BEGIN

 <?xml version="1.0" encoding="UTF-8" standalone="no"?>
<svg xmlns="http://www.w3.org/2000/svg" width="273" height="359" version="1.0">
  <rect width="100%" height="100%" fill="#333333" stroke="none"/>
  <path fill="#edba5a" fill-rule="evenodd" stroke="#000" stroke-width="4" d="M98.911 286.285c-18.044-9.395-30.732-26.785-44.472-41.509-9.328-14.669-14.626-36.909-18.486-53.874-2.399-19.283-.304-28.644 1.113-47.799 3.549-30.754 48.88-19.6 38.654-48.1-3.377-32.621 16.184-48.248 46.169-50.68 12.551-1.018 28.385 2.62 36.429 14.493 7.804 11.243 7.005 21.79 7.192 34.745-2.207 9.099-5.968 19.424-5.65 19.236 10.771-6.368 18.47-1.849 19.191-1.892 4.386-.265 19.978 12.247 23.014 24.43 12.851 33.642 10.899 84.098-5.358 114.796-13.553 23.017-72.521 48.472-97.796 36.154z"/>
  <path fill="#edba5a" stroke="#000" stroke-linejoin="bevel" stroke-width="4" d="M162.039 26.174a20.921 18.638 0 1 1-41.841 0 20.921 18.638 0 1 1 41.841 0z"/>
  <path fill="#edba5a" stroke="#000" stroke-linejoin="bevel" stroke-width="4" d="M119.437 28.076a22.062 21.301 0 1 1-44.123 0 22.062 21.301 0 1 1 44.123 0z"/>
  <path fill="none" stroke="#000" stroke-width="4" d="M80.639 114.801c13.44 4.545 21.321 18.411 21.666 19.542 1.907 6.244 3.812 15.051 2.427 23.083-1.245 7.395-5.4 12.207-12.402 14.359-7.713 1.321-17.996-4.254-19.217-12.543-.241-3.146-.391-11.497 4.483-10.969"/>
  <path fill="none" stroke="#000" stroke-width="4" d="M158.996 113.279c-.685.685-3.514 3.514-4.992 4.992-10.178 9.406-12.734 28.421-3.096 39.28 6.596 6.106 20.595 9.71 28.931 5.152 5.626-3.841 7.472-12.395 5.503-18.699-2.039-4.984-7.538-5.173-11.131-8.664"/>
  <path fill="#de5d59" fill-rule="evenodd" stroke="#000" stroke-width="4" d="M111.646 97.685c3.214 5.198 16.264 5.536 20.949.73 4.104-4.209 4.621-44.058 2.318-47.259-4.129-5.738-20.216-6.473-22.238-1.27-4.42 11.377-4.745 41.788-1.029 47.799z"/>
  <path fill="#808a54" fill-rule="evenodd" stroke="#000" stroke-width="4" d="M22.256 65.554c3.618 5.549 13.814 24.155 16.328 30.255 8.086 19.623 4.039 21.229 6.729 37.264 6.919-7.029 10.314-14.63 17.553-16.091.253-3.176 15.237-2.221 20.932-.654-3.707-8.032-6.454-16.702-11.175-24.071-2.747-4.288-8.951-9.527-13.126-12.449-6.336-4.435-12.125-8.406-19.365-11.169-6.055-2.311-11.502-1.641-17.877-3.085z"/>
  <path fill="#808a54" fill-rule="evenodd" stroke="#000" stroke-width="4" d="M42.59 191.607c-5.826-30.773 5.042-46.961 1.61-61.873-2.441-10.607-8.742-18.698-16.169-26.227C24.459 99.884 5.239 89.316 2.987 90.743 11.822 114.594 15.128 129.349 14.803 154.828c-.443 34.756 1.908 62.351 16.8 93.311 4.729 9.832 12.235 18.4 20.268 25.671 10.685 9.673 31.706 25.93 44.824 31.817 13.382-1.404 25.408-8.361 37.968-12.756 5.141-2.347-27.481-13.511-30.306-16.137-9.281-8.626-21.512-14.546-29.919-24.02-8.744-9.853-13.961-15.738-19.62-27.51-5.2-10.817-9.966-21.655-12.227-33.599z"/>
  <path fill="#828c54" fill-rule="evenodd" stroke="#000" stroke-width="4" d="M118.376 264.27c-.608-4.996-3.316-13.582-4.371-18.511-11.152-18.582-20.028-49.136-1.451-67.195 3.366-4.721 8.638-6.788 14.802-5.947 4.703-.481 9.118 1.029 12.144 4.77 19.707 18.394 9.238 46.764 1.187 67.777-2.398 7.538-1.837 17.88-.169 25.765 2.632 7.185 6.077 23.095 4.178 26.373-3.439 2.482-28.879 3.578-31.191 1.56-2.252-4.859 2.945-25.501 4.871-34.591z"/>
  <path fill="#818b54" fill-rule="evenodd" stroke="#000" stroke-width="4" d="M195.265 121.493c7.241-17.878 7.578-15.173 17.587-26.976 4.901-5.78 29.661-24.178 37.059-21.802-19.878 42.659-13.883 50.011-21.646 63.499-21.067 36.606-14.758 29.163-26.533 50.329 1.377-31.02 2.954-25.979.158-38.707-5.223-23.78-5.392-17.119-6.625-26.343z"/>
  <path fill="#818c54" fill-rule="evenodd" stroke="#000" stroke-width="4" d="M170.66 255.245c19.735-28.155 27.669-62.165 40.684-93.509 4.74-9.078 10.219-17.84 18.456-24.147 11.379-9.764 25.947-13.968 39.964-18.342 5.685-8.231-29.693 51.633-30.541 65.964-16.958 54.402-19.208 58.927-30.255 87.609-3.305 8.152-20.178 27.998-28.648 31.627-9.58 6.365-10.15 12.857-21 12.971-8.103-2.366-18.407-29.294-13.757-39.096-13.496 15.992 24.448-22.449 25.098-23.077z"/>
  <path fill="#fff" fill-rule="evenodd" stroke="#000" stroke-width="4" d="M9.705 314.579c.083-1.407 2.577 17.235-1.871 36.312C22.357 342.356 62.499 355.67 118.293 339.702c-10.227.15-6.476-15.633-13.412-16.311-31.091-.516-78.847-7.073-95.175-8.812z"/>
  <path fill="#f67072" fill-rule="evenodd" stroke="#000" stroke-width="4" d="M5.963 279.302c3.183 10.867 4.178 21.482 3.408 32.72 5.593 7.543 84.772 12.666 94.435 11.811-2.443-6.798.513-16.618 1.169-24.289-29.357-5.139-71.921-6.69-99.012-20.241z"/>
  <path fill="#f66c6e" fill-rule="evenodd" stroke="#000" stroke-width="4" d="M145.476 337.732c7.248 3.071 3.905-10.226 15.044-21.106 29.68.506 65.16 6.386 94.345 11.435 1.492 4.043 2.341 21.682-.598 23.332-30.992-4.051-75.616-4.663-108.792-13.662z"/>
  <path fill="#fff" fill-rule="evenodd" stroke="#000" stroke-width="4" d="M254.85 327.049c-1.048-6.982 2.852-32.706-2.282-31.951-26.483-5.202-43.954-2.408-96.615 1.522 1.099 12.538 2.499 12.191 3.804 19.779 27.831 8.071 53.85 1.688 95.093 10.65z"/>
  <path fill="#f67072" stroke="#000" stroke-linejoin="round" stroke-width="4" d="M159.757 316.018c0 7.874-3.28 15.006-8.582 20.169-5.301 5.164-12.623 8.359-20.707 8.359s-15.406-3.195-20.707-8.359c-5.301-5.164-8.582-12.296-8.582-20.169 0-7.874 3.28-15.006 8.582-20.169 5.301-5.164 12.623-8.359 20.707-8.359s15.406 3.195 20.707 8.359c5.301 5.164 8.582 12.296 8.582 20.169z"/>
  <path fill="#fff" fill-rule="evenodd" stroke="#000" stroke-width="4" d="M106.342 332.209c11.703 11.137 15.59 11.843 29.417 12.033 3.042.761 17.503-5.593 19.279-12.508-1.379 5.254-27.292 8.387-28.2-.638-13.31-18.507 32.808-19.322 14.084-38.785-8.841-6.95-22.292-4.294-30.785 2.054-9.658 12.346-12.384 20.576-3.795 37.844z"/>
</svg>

END

- _BRIEF_
Copy out all of the data. Keep every word unchanged.

- _ANSWER SPACE_
 <?xml version="1.0" encoding="UTF-8" standalone="no"?>
<svg xmlns="http://www.w3.org/2000/svg" width="273" height="359" version="1.0">
  <rect width="100%" height="100%" fill="#333333" stroke="none"/>
  <path fill="#edba5a" fill-rule="evenodd" stroke="#000" stroke-width="4" d="M98.911 286.285c-18.044-9.395-30.732-26.785-44.472-41.509-9.328-14.669-14.626-36.909-18.486-53.874-2.399-19.283-.304-28.644 1.113-47.799 3.549-30.754 48.88-19.6 38.654-48.1-3.377-32.621 16.184-48.248 46.169-50.68 12.551-1.018 28.385 2.62 36.429 14.493 7.804 11.243 7.005 21.79 7.192 34.745-2.207 9.099-5.968 19.424-5.65 19.236 10.771-6.368 18.47-1.849 19.191-1.892 4.386-.265 19.978 12.247 23.014 24.43 12.851 33.642 10.899 84.098-5.358 114.796-13.553 23.017-72.521 48.472-97.796 36.154z"/>
  <path fill="#edba5a" stroke="#000" stroke-linejoin="bevel" stroke-width="4" d="M162.039 26.174a20.921 18.638 0 1 1-41.841 0 20.921 18.638 0 1 1 41.841 0z"/>
  <path fill="#edba5a" stroke="#000" stroke-linejoin="bevel" stroke-width="4" d="M119.437 28.076a22.062 21.301 0 1 1-44.123 0 22.062 21.301 0 1 1 44.123 0z"/>
  <path fill="none" stroke="#000" stroke-width="4" d="M80.639 114.801c13.44 4.545 21.321 18.411 21.666 19.542 1.907 6.244 3.812 15.051 2.427 23.083-1.245 7.395-5.4 12.207-12.402 14.359-7.713 1.321-17.996-4.254-19.217-12.543-.241-3.146-.391-11.497 4.483-10.969"/>
  <path fill="none" stroke="#000" stroke-width="4" d="M158.996 113.279c-.685.685-3.514 3.514-4.992 4.992-10.178 9.406-12.734 28.421-3.096 39.28 6.596 6.106 20.595 9.71 28.931 5.152 5.626-3.841 7.472-12.395 5.503-18.699-2.039-4.984-7.538-5.173-11.131-8.664"/>
  <path fill="#de5d59" fill-rule="evenodd" stroke="#000" stroke-width="4" d="M111.646 97.685c3.214 5.198 16.264 5.536 20.949.73 4.104-4.209 4.621-44.058 2.318-47.259-4.129-5.738-20.216-6.473-22.238-1.27-4.42 11.377-4.745 41.788-1.029 47.799z"/>
  <path fill="#808a54" fill-rule="evenodd" stroke="#000" stroke-width="4" d="M22.256 65.554c3.618 5.549 13.814 24.155 16.328 30.255 8.086 19.623 4.039 21.229 6.729 37.264 6.919-7.029 10.314-14.63 17.553-16.091.253-3.176 15.237-2.221 20.932-.654-3.707-8.032-6.454-16.702-11.175-24.071-2.747-4.288-8.951-9.527-13.126-12.449-6.336-4.435-12.125-8.406-19.365-11.169-6.055-2.311-11.502-1.641-17.877-3.085z"/>
  <path fill="#808a54" fill-rule="evenodd" stroke="#000" stroke-width="4" d="M42.59 191.607c-5.826-30.773 5.042-46.961 1.61-61.873-2.441-10.607-8.742-18.698-16.169-26.227C24.459 99.884 5.239 89.316 2.987 90.743 11.822 114.594 15.128 129.349 14.803 154.828c-.443 34.756 1.908 62.351 16.8 93.311 4.729 9.832 12.235 18.4 20.268 25.671 10.685 9.673 31.706 25.93 44.824 31.817 13.382-1.404 25.408-8.361 37.968-12.756 5.141-2.347-27.481-13.511-30.306-16.137-9.281-8.626-21.512-14.546-29.919-24.02-8.744-9.853-13.961-15.738-19.62-27.51-5.2-10.817-9.966-21.655-12.227-33.599z"/>
  <path fill="#828c54" fill-rule="evenodd" stroke="#000" stroke-width="4" d="M118.376 264.27c-.608-4.996-3.316-13.582-4.371-18.511-11.152-18.582-20.028-49.136-1.451-67.195 3.366-4.721 8.638-6.788 14.802-5.947 4.703-.481 9.118 1.029 12.144 4.77 19.707 18.394 9.238 46.764 1.187 67.777-2.398 7.538-1.837 17.88-.169 25.765 2.632 7.185 6.077 23.095 4.178 26.373-3.439 2.482-28.879 3.578-31.191 1.56-2.252-4.859 2.945-25.501 4.871-34.591z"/>
  <path fill="#818b54" fill-rule="evenodd" stroke="#000" stroke-width="4" d="M195.265 121.493c7.241-17.878 7.578-15.173 17.587-26.976 4.901-5.78 29.661-24.178 37.059-21.802-19.878 42.659-13.883 50.011-21.646 63.499-21.067 36.606-14.758 29.163-26.533 50.329 1.377-31.02 2.954-25.979.158-38.707-5.223-23.78-5.392-17.119-6.625-26.343z"/>
  <path fill="#818c54" fill-rule="evenodd" stroke="#000" stroke-width="4" d="M170.66 255.245c19.735-28.155 27.669-62.165 40.684-93.509 4.74-9.078 10.219-17.84 18.456-24.147 11.379-9.764 25.947-13.968 39.964-18.342 5.685-8.231-29.693 51.633-30.541 65.964-16.958 54.402-19.208 58.927-30.255 87.609-3.305 8.152-20.178 27.998-28.648 31.627-9.58 6.365-10.15 12.857-21 12.971-8.103-2.366-18.407-29.294-13.757-39.096-13.496 15.992 24.448-22.449 25.098-23.077z"/>
  <path fill="#fff" fill-rule="evenodd" stroke="#000" stroke-width="4" d="M9.705 314.579c.083-1.407 2.577 17.235-1.871 36.312C22.357 342.356 62.499 355.67 118.293 339.702c-10.227.15-6.476-15.633-13.412-16.311-31.091-.516-78.847-7.073-95.175-8.812z"/>
  <path fill="#f67072" fill-rule="evenodd" stroke="#000" stroke-width="4" d="M5.963 279.302c3.183 10.867 4.178 21.482 3.408 32.72 5.593 7.543 84.772 12.666 94.435 11.811-2.443-6.798.513-16.618 1.169-24.289-29.357-5.139-71.921-6.69-99.012-20.241z"/>
  <path fill="#f66c6e" fill-rule="evenodd" stroke="#000" stroke-width="4" d="M145.476 337.732c7.248 3.071 3.905-10.226 15.044-21.106 29.68.506 65.16 6.386 94.345 11.435 1.492 4.043 2.341 21.682-.598 23.332-30.992-4.051-75.616-4.663-108.792-13.662z"/>
  <path fill="#fff" fill-rule="evenodd" stroke="#000" stroke-width="4" d="M254.85 327.049c-1.048-6.982 2.852-32.706-2.282-31.951-26.483-5.202-43.954-2.408-96.615 1.522 1.099 12.538 2.499 12.191 3.804 19.779 27.831 8.071 53.85 1.688 95.093 10.65z"/>
  <path fill="#f67072" stroke="#000" stroke-linejoin="round" stroke-width="4" d="M159.757 316.018c0 7.874-3.28 15.006-8.582 20.169-5.301 5.164-12.623 8.359-20.707 8.359s-15.406-3.195-20.707-8.359c-5.301-5.164-8.582-12.296-8.582-20.169 0-7.874 3.28-15.006 8.582-20.169 5.301-5.164 12.623-8.359 20.707-8.359s15.406 3.195 20.707 8.359c5.301 5.164 8.582 12.296 8.582 20.169z"/>
  <path fill="#fff" fill-rule="evenodd" stroke="#000" stroke-width="4" d="M106.342 332.209c11.703 11.137 15.59 11.843 29.417 12.033 3.042.761 17.503-5.593 19.279-12.508-1.379 5.254-27.292 8.387-28.2-.638-13.31-18.507 32.808-19.322 14.084-38.785-8.841-6.95-22.292-4.294-30.785 2.054-9.658 12.346-12.384 20.576-3.795 37.844z"/>
</svg>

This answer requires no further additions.